3 juveniles recovered, 9 adults arrested in national FBI child prostitution crackdown

sextraffickBy Joe Johns and Tom Cohen/Washington (CNN) -- In what it called its largest crackdown to date on child prostitution, the FBI announced Monday that a nationwide operation over the weekend resulted in 150 arrests, with 105 children rescued.

Authorities said the operation, which took investigators to race tracks and truck stops, also targeted the use of social media sites for child prostitution activity.

The Seattle FBI office confirmed that three juveniles were recovered and nine adults were arrested in Seattle.
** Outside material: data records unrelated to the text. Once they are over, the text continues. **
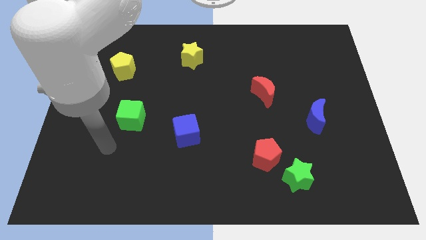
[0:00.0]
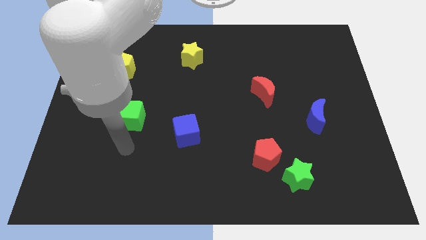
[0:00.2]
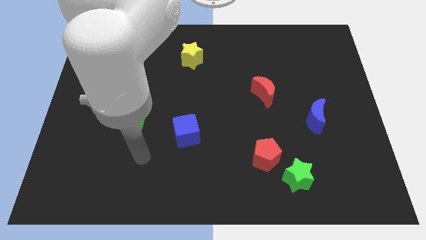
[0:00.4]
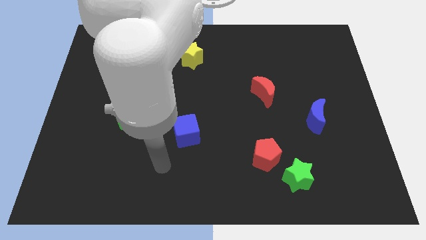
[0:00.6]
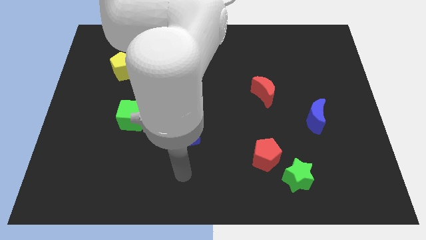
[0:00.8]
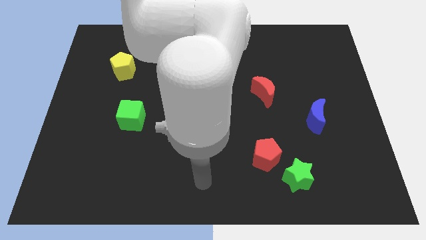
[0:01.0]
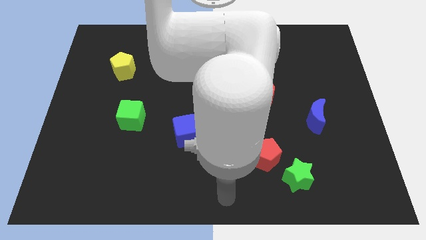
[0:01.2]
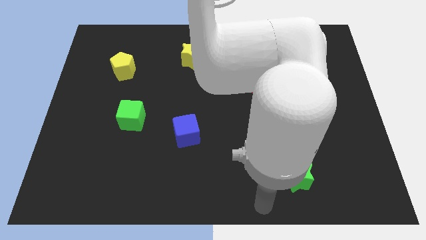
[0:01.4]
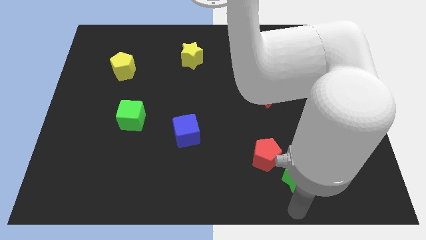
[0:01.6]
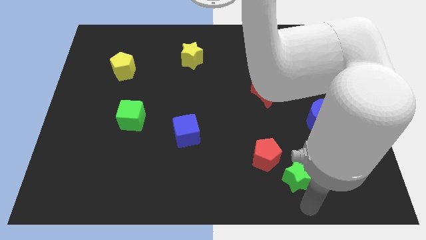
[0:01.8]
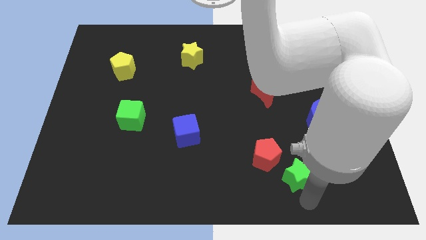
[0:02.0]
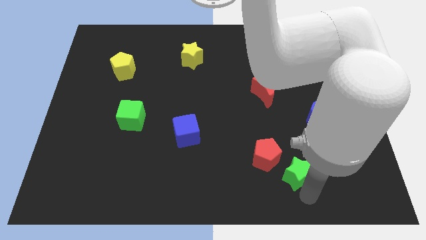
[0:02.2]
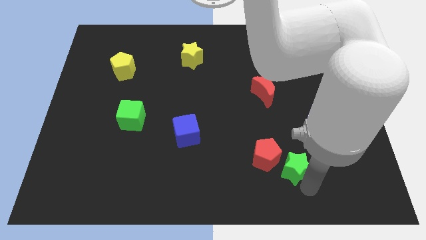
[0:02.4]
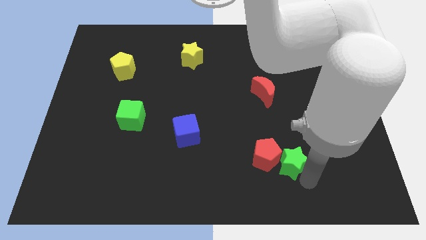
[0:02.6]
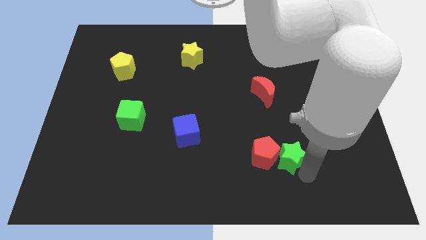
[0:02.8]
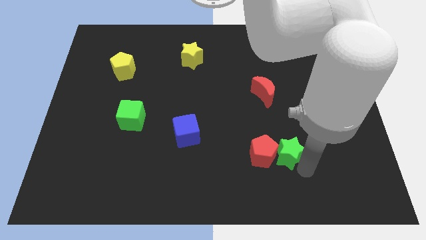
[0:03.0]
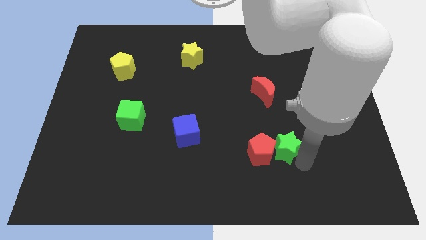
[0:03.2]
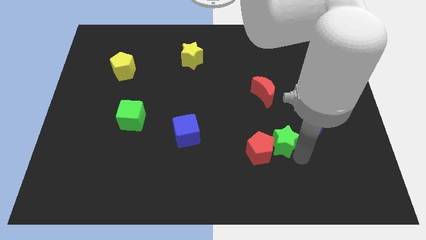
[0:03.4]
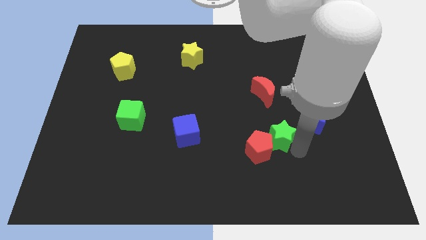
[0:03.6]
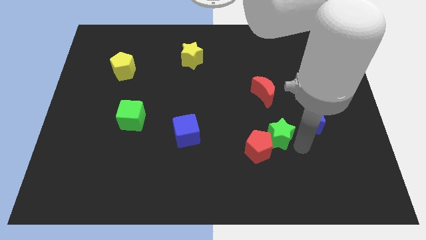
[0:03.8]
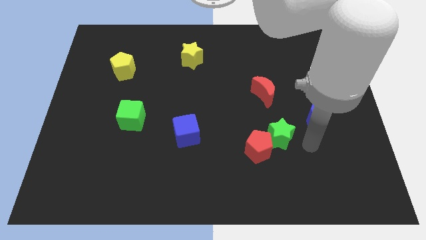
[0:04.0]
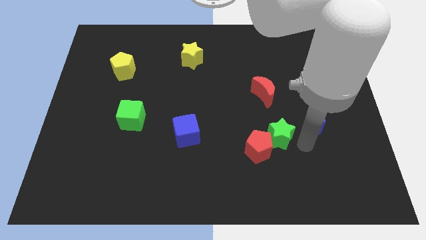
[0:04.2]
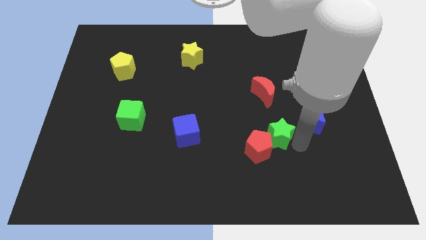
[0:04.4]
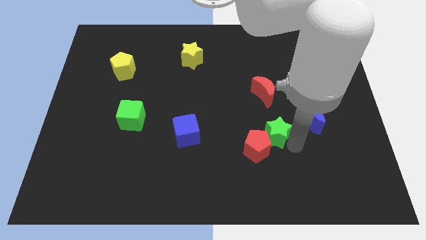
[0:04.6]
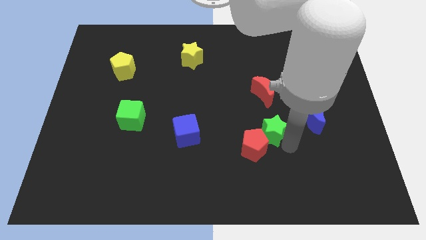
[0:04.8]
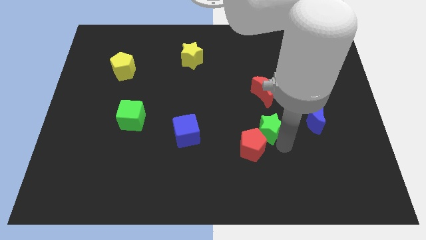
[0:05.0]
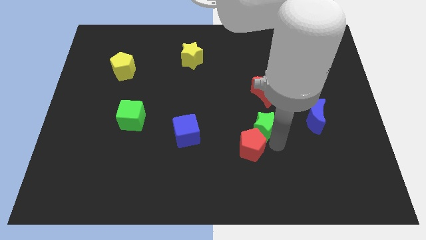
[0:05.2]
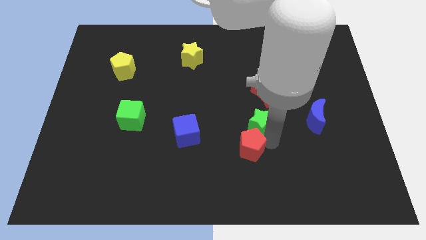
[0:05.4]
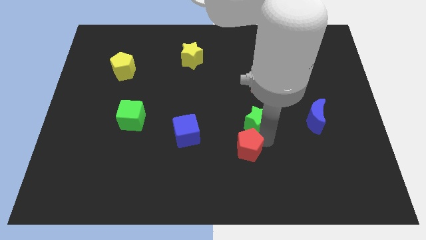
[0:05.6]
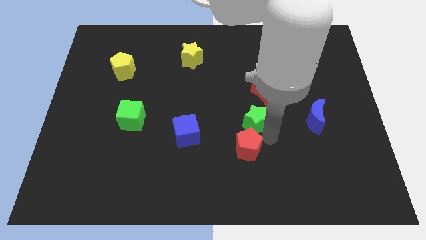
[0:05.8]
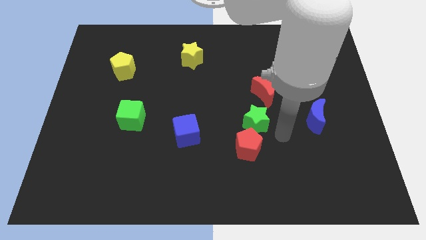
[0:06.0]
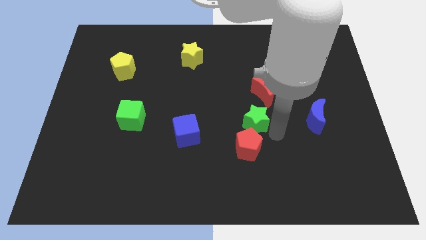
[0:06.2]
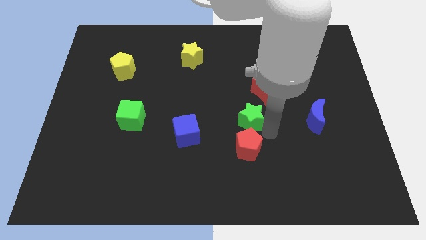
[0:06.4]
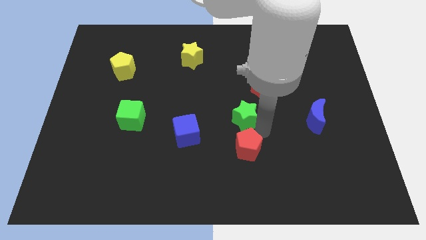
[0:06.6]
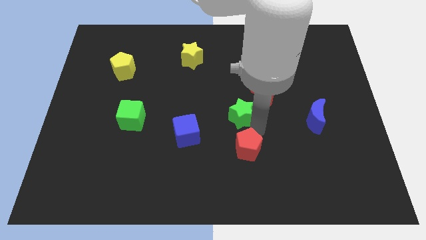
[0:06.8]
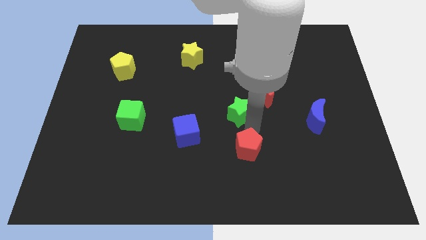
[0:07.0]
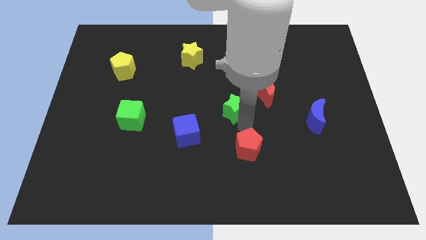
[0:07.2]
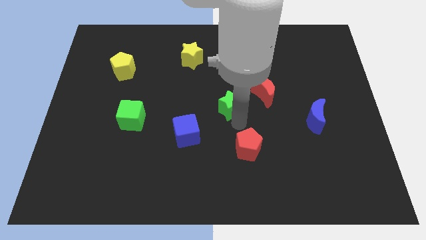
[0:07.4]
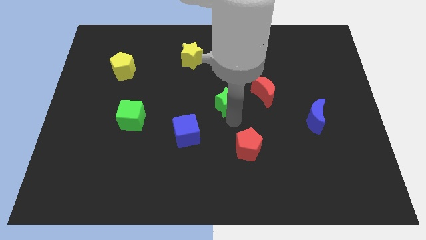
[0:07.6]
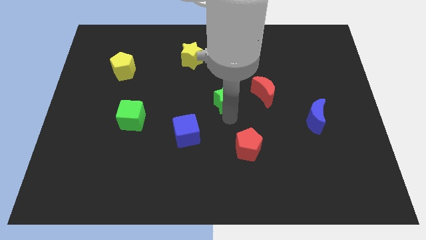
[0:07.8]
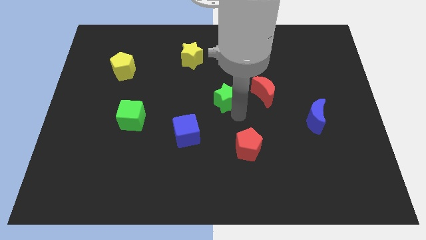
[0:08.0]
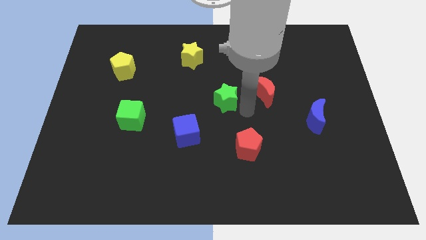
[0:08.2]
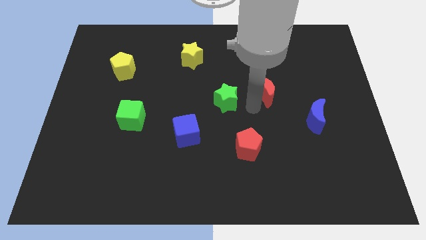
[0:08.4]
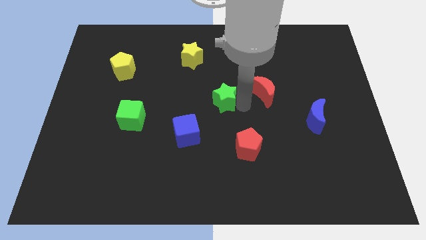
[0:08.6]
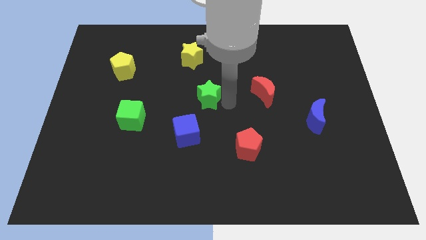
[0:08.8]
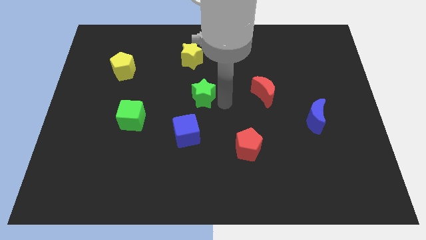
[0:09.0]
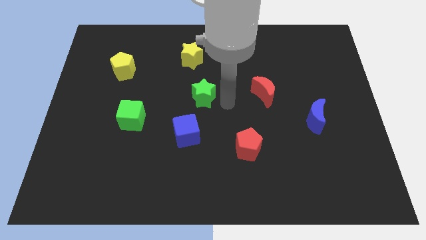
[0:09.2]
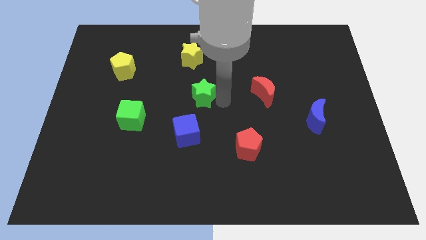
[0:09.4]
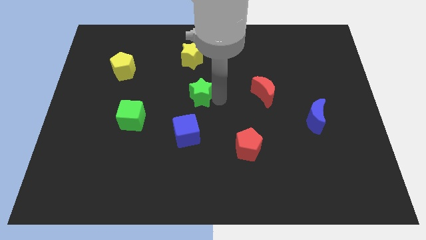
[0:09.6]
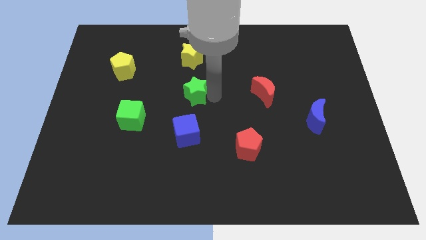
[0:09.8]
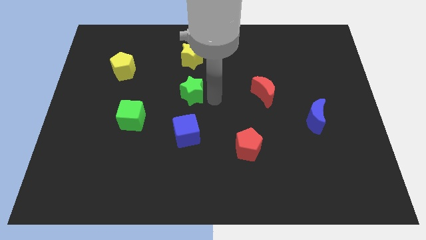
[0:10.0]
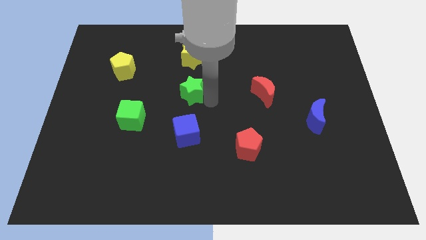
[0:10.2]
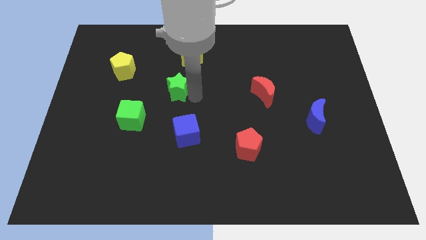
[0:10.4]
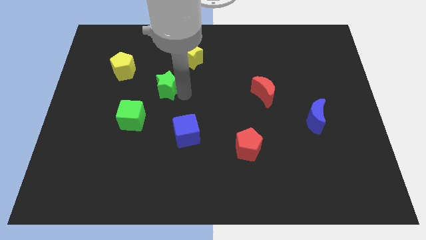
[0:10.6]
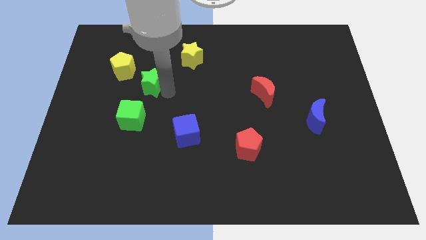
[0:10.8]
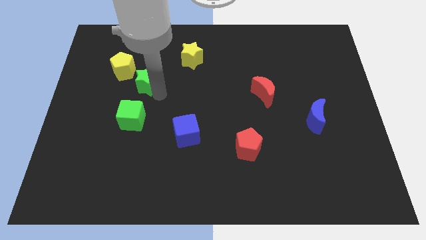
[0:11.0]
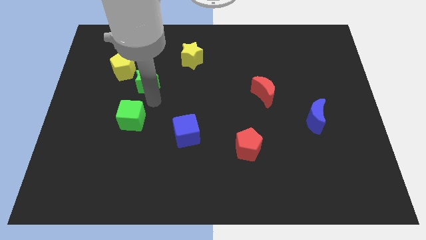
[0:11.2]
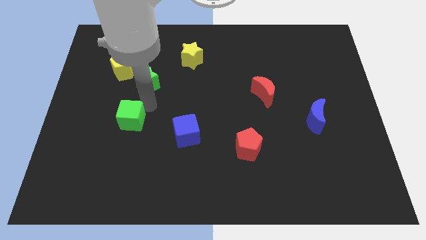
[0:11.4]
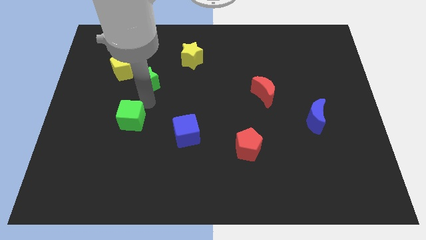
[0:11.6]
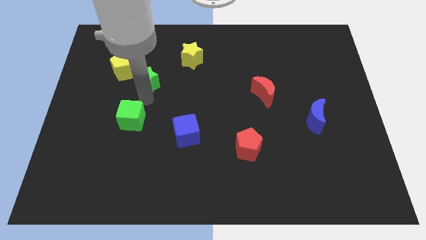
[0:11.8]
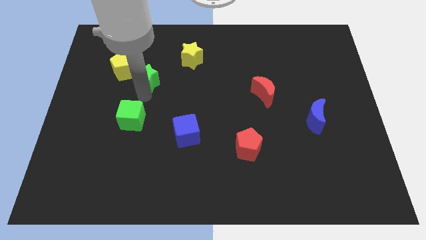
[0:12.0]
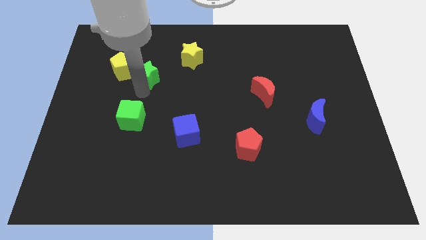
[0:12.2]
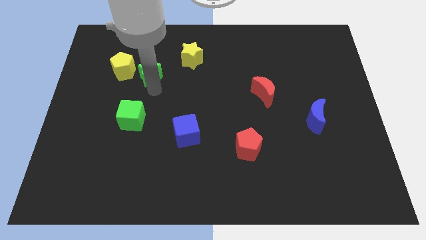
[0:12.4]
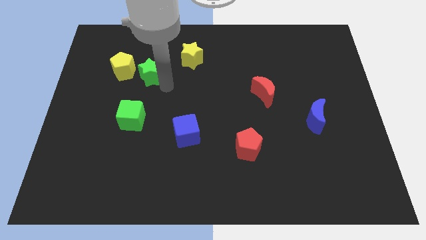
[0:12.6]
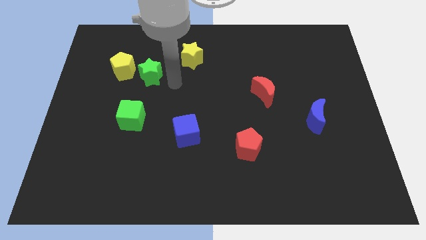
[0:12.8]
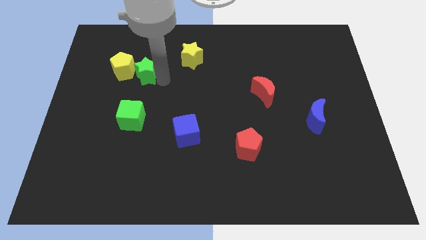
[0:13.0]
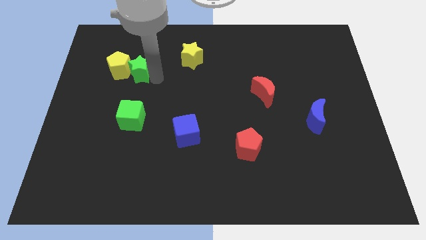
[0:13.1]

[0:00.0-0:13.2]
move the green star next to the yellow pentagon

Overall, the three-day undercover roundup Operation Cross Country took place in 76 cities and involved 230 law enforcement units, according to the FBI.

"Child prostitution remains a persistent threat to children across America," said Ron Hosko, assistant director of the FBI's Criminal Investigative Division. "This operation serves as a reminder that these abhorrent crimes can happen anywhere and that the FBI remains committed to stopping this cycle of victimization and holding the criminals who profit from this exploitation accountable."

He said at a news conference that a prime environment for child prostitution is major sporting events such as the Super Bowl, where authorities had "multiple recovery of children" in the past.

The operation was the largest sweep to date in the FBI's Innocence Lost National Initiative, according to Hosko.

It included 28 searches with 129 seizures of cash, drugs, vehicles and firearms, he said, and those arrested face a variety of charges, including pimping.

The ages of children rescued in this, the seventh iteration of Operation Cross Country ranged from 13 to 17, Hosko said.

He credited the increased success of the latest operation in part to an expansion of the probe to websites such as www.backpage.com, which he called a forum "where pimps and exploiters gather."

"It appears as though we were 30% to 40% more successful in identifying both victims and pimps in this operation," Hosko said.

A goal of the Innocence Lost initiative is to identify children lured or forced into prostitution and remove them from risk, Hosko said. The circumstances of the situation, often involving young girls from broken homes, make finding them especially difficult, he explained.

"Commonly some of these children have stepped away from their families," he said, adding that "there is no one to call and report 'my daughter is missing.'"

Another major problem is the culture of abuse, both physical and emotional, as well as drug use prevalent in child prostitution.

"We have victims whose new normal is abuse and is drug-infected, then the expectation of somebody who cares about them may last for 30 minutes or an hour before the abuse starts again," Hosko said. "So that makes our job more difficult."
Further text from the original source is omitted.